### INPUT MATERIAL
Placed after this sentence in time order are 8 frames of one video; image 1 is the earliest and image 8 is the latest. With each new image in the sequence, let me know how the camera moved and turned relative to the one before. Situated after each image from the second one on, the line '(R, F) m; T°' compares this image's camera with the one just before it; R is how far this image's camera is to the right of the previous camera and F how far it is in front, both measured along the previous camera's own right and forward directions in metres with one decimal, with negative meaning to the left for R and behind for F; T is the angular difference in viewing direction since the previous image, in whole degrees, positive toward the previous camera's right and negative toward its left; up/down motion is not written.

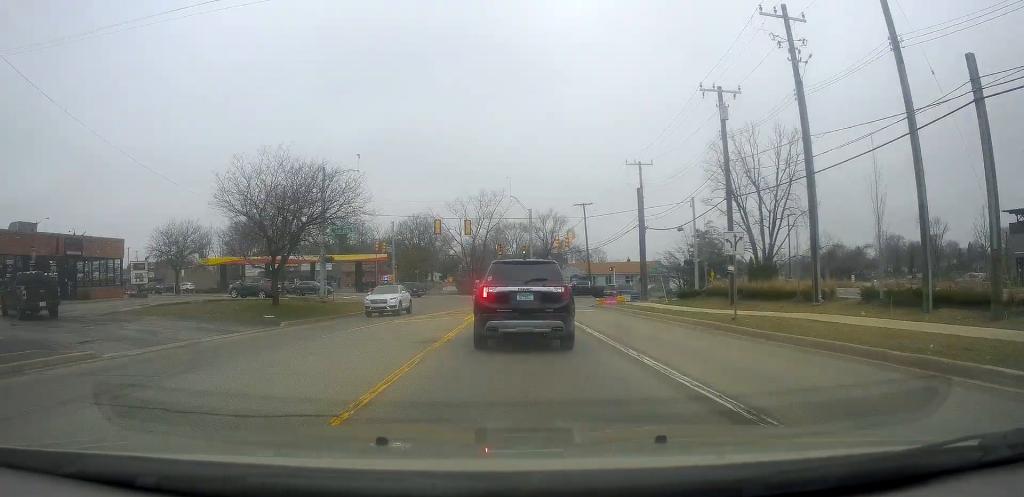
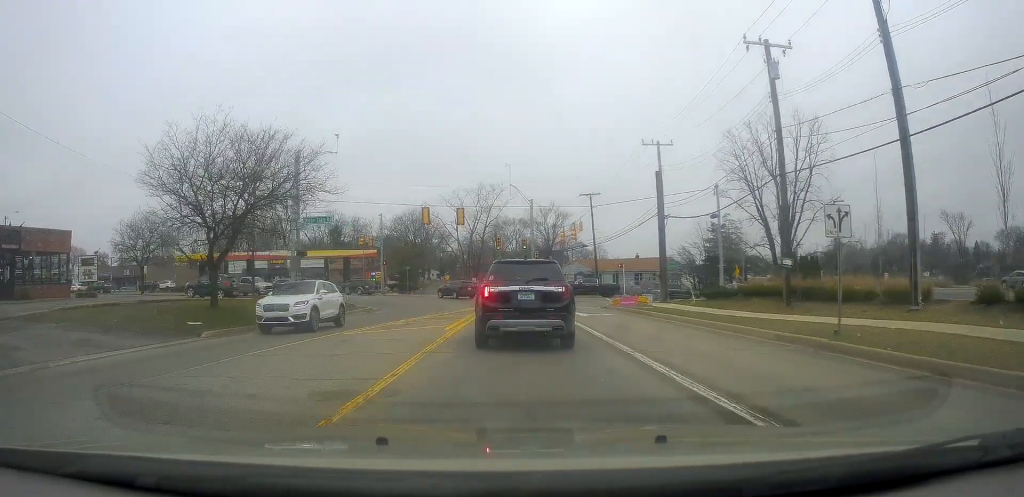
(-0.1, +7.0) m; -1°
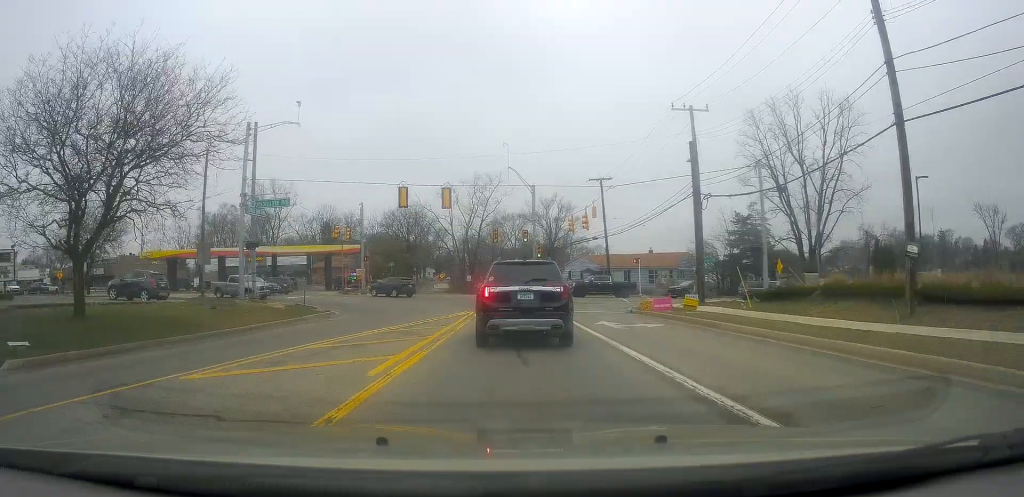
(-0.3, +8.8) m; 0°
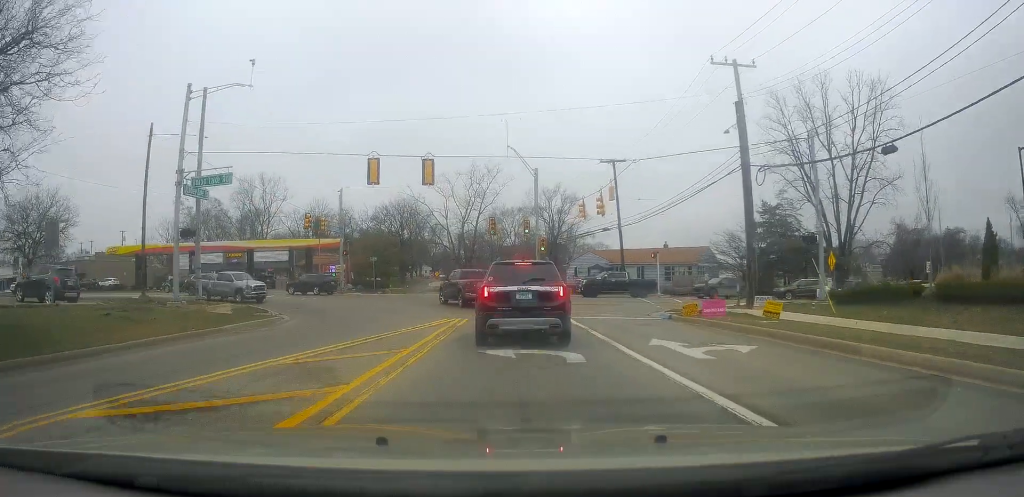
(+0.3, +7.6) m; +2°
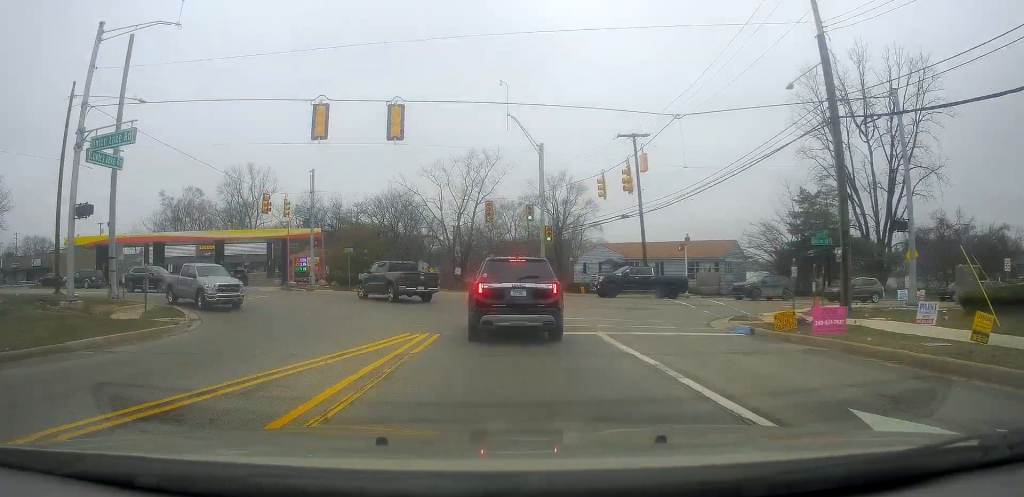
(0.0, +8.4) m; -1°
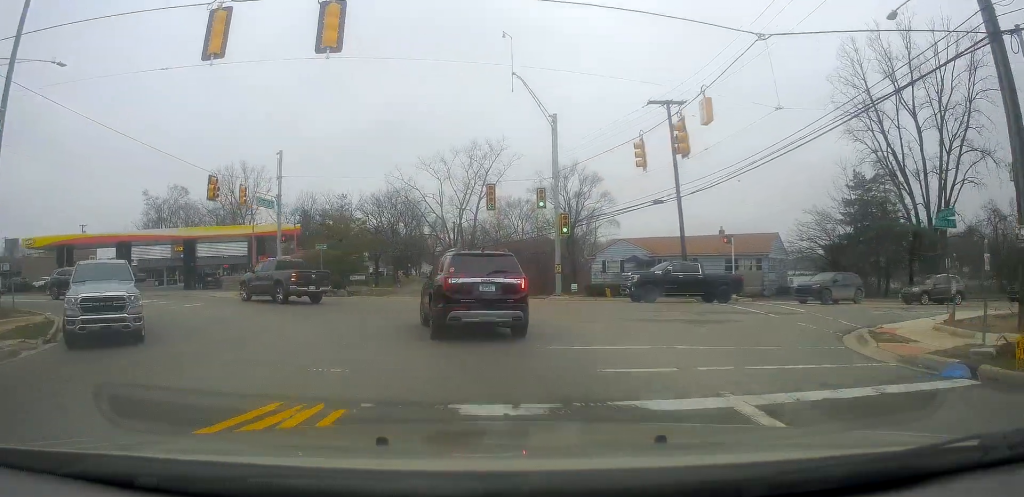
(-0.2, +8.4) m; -5°
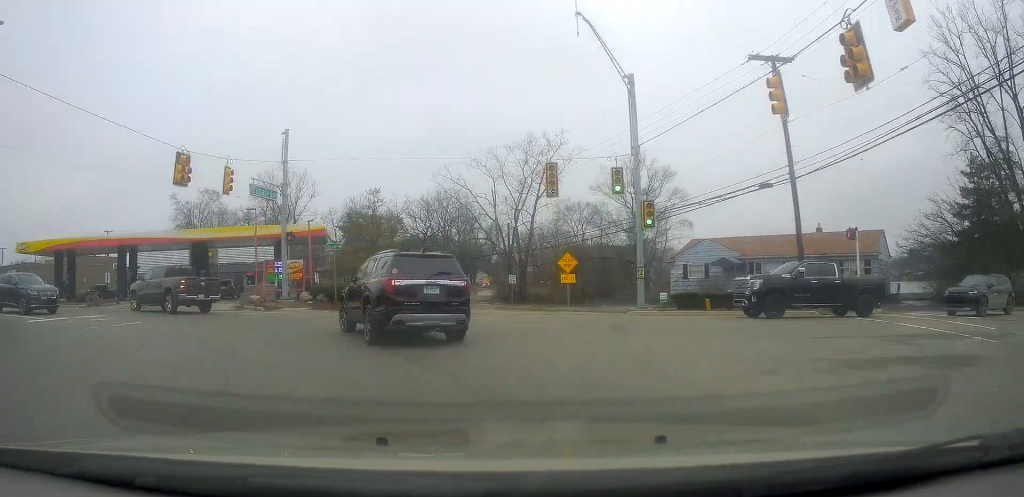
(-0.5, +8.5) m; -8°
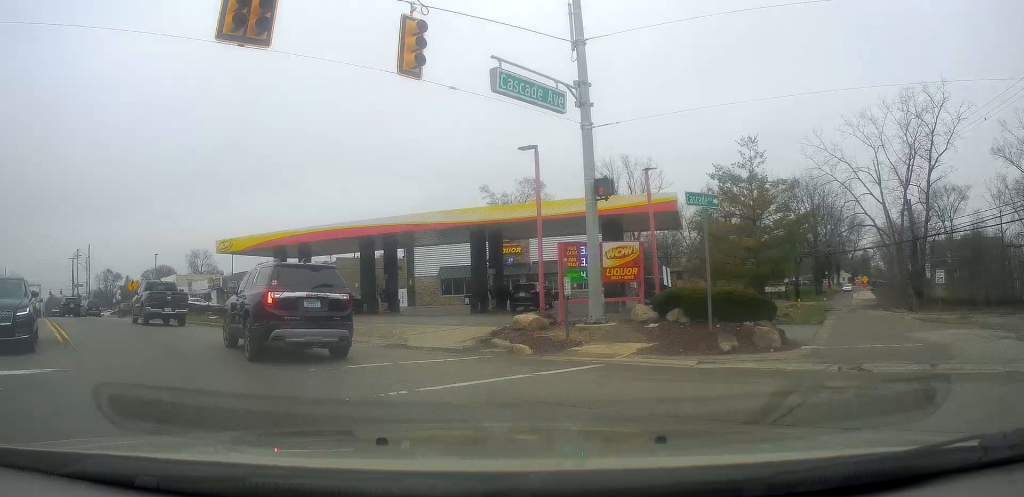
(-3.8, +16.5) m; -31°

### DIRECTIONS
Print every line above exactly. Leave the pictures out.

### SOLVED PROBLEM
Placed after this sentence in time order are 8 frames of one video; image 1 is the earliest and image 8 is the latest. With each new image in the sequence, let me know how the camera moved and turned relative to the one before. Situated after each image from the second one on, the line '(R, F) m; T°' compares this image's camera with the one just before it; R is how far this image's camera is to the right of the previous camera and F how far it is in front, both measured along the previous camera's own right and forward directions in metres with one decimal, with negative meaning to the left for R and behind for F; T is the angular difference in viewing direction since the previous image, in whole degrees, positive toward the previous camera's right and negative toward its left; up/down motion is not written.

(-0.1, +7.0) m; -1°
(-0.3, +8.8) m; 0°
(+0.3, +7.6) m; +2°
(0.0, +8.4) m; -1°
(-0.2, +8.4) m; -5°
(-0.5, +8.5) m; -8°
(-3.8, +16.5) m; -31°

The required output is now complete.